Article 2 is actually discussing minhash, but has erroneously called it simhash. That's probably why it is now deleted (it's archived here). Also, confusingly, it talks about "concatenating" multiple minhashes, which as you rightly observe reduces the chance of finding two similar documents. It seems to prescribe an approach that yields only a single "band", which will give very poor results.
Can the algorithms be bridged/combined?
Probably not. To see why, you should understand what the properties of the different hashes are, and how they are used to avoid n2 comparisons between documents.
Properties of minhash and simhash:
Essentially, minhash generates multiple hashes per document, and when there are two similar documents it is likely that a subset of these hashes will be identical. Simhash generates a single hash per document, and where there are two similar documents it is likely that their simhashes will be similar (having a small hamming distance).
How they solve the n2 problem:
With minhash you index all hashes to the documents that contain them; so if you are storing 100 hashes per document, then for each new incoming document you need to look up each of its 100 hashes in your index and find all documents that share at least (e.g.) 50% of them. This could mean building large temporary tallies, as hundreds of thousands of documents could share at least one hash.

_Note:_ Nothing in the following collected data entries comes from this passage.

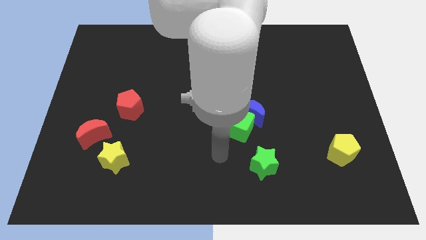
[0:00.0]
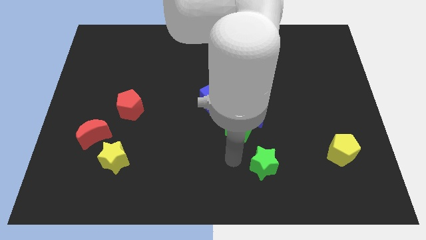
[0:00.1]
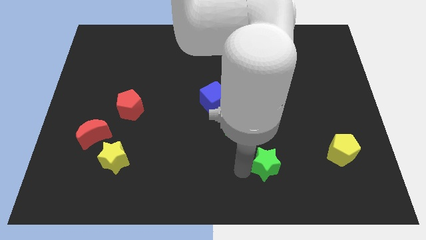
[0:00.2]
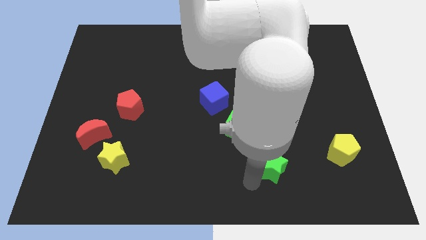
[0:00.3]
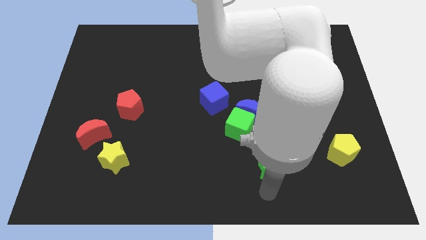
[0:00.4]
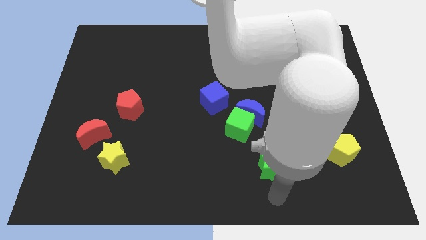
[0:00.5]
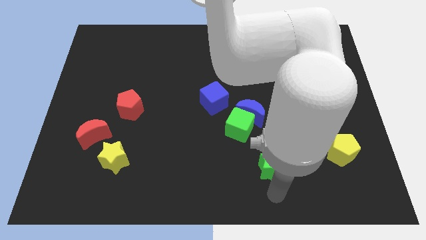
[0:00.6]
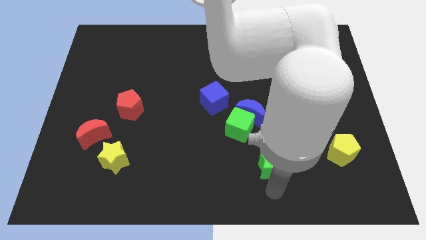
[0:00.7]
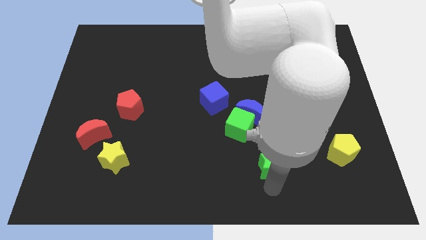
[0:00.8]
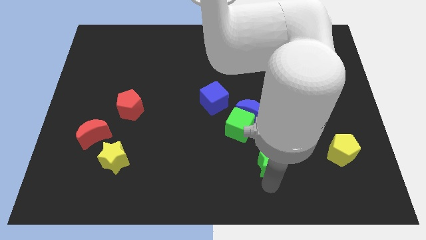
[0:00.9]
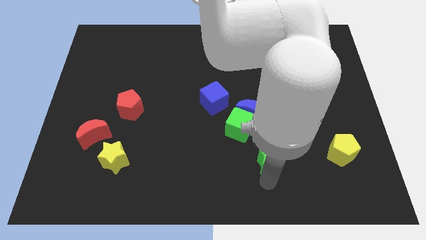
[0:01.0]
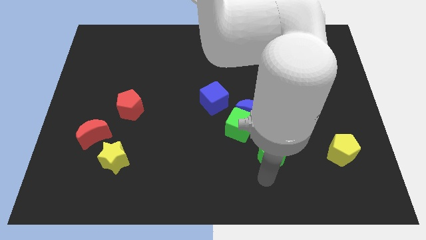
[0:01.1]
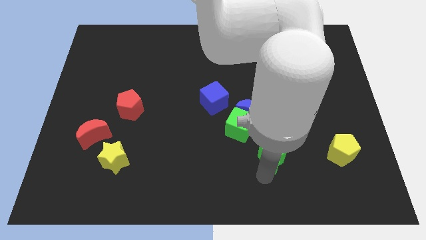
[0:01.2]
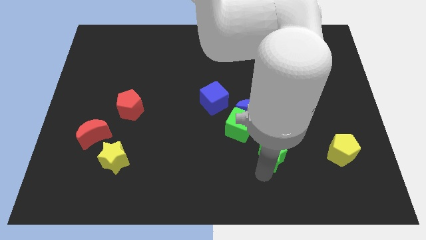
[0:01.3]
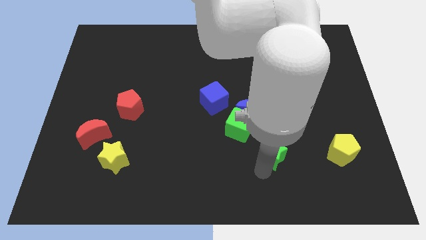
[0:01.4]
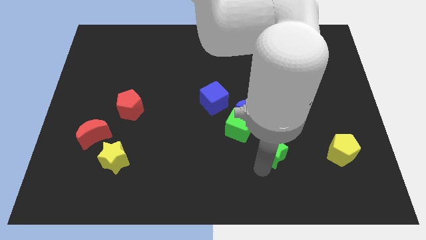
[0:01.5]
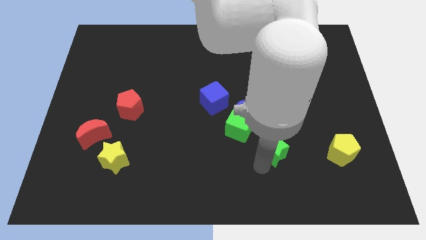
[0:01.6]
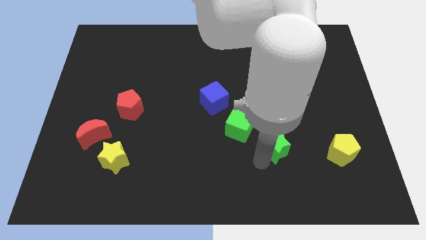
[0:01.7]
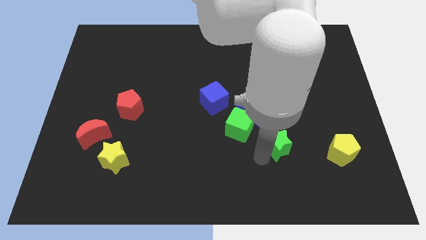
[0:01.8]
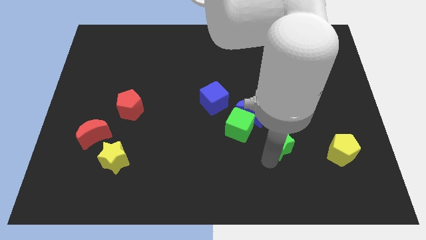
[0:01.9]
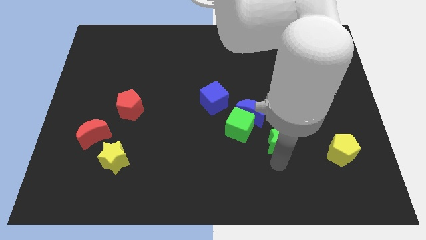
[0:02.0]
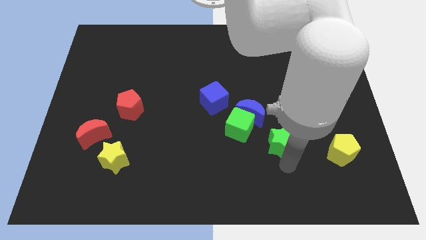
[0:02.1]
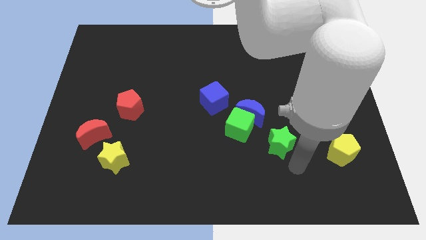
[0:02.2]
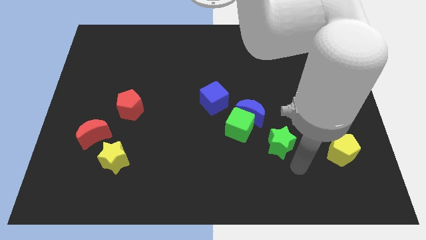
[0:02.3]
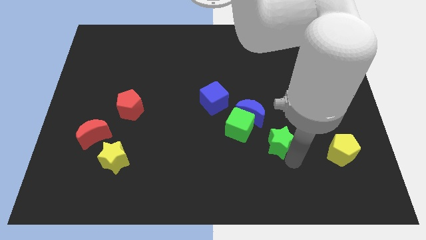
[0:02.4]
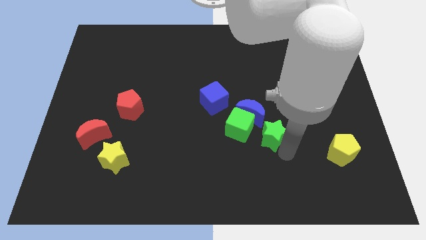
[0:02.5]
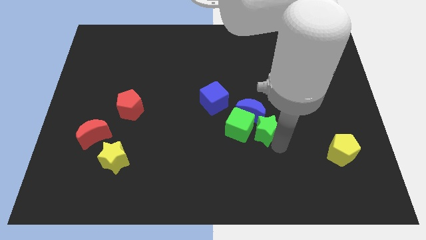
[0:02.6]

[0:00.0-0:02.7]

With simhash there is a clever technique of storing each document's hash in multiple permutations in multiple sorted tables, such that any similar hash up to a certain hamming distance (3, 4, 5, possibly as high as 6 or 7 depending on hash size and table structure) is guaranteed to be found nearby in at least one of these tables, differing only in the low order bits. This makes searching for similar documents efficient, but restricts you to only finding very similar documents. See this simhash tutorial.
Because the use of minhash and simhash are so different, I don't see a way to bridge/combine them. You could theoretically have a minhash that generates 1-bit hashes and concatenate them into something like a simhash, but I don't see any benefit in this.
Can weighting be used in minhash?
Yes. Think of the minhashes as slots: if you store 100 minhashes per document, that's 100 slots you can fill. These slots don't all have to be filled from the same selection of document features. You could devote a certain number of slots to hashes calculated just from specific features (care should be taken, though, to always select features in such a way that the same features will be selected in similar documents).
So for example if you were dealing with journal articles, you could assign some slots for minhashes of document title, some for minhashes of article abstract, and the remainder of the slots for minhashes of the document body. You can even set aside some individual slots for direct hashes of things such as author's surname, without bothering about the minhash algorithm.
It's not quite as elegant as how simhash does it, where in effect you're just creating a bitwise weighted average of all the individual feature hashes, then rounding each bit up to 1 or down to 0. But it's quite workable.